▶ TASK GOAL
Check every line of the entries for the string "ECLI" and return the ones that contain it.
Segment Start: SUPPLIED DATA
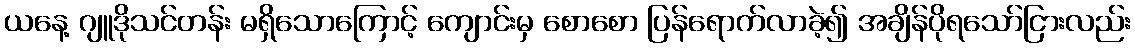
ယနေ့ ဂျူဒိုသင်တန်း မရှိသောကြောင့် ကျောင်းမှ စောစော ပြန်ရောက်လာခဲ့၍ အချိန်ပိုရသော်ငြားလည်း
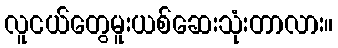
လူငယ်တွေမူးယစ်ဆေးသုံးတာလား။
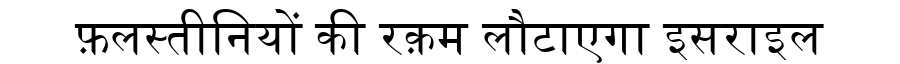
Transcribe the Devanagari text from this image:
फ़लस्तीनियों की रक़म लौटाएगा इसराइल
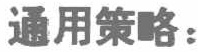
通用策略：
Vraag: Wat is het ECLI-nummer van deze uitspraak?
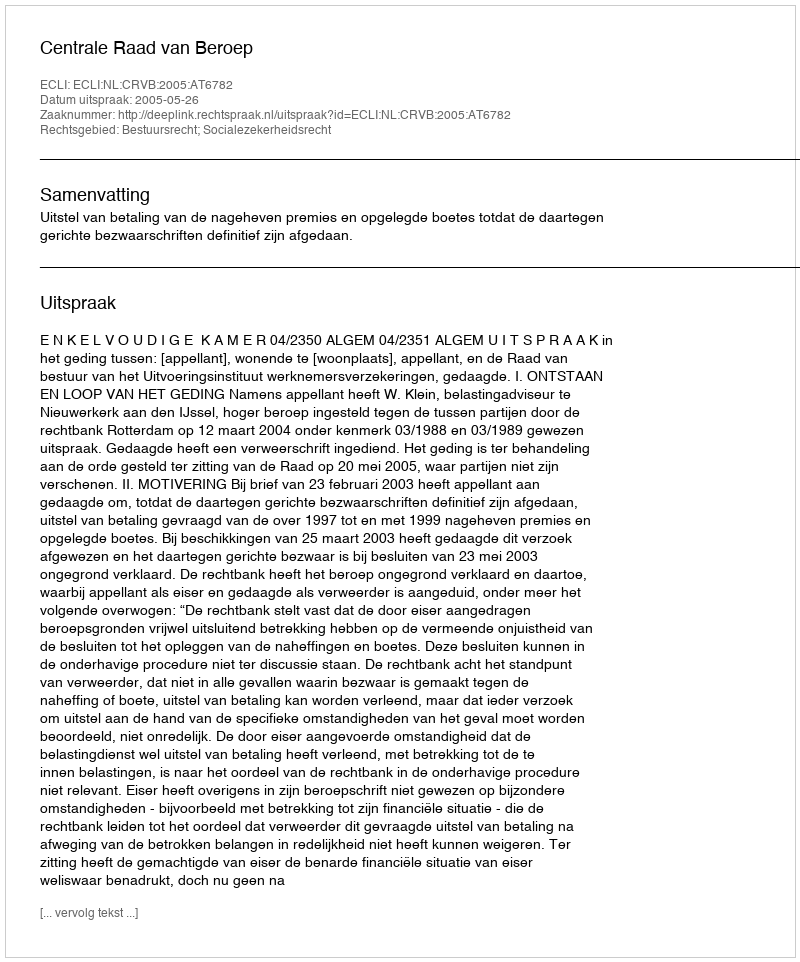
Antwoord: ECLI:NL:CRVB:2005:AT6782
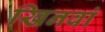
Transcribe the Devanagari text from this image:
खिनवां
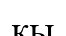
кы
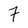
Character: 7
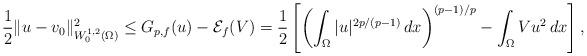
LaTeX: \begin{align*}\frac{1}{2}\|u-v_0\|^2_{W^{1,2}_0(\Omega)}\le G_{p,f}(u)-\mathcal{E}_f(V)=\frac{1}{2}\left[\left(\int_\Omega|u|^{2p/(p-1)}\,dx\right)^{(p-1)/p}-\int_\Omega Vu^2\,dx\right],\end{align*}
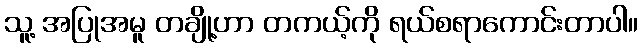
သူ့ အပြုအမူ တချို့ဟာ တကယ့်ကို ရယ်စရာကောင်းတာပါ။
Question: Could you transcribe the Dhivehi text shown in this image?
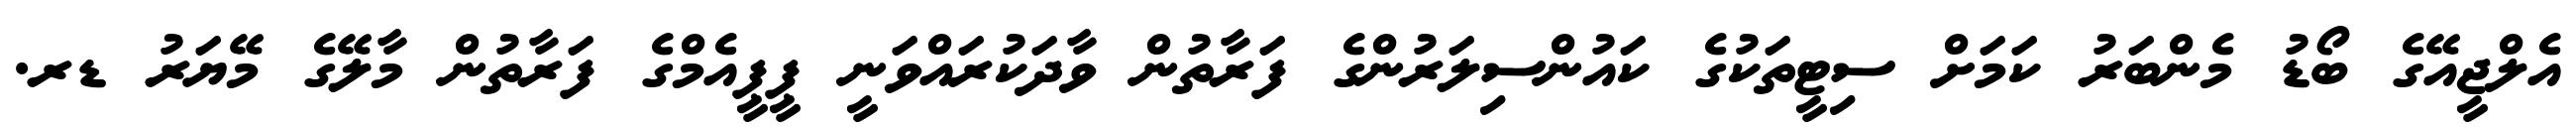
Segment End: SUPPLIED DATA
▶ RESPONSE AREA
Vraag: Wat is het ECLI-nummer van deze uitspraak?
Antwoord: ECLI:NL:CRVB:2005:AT6782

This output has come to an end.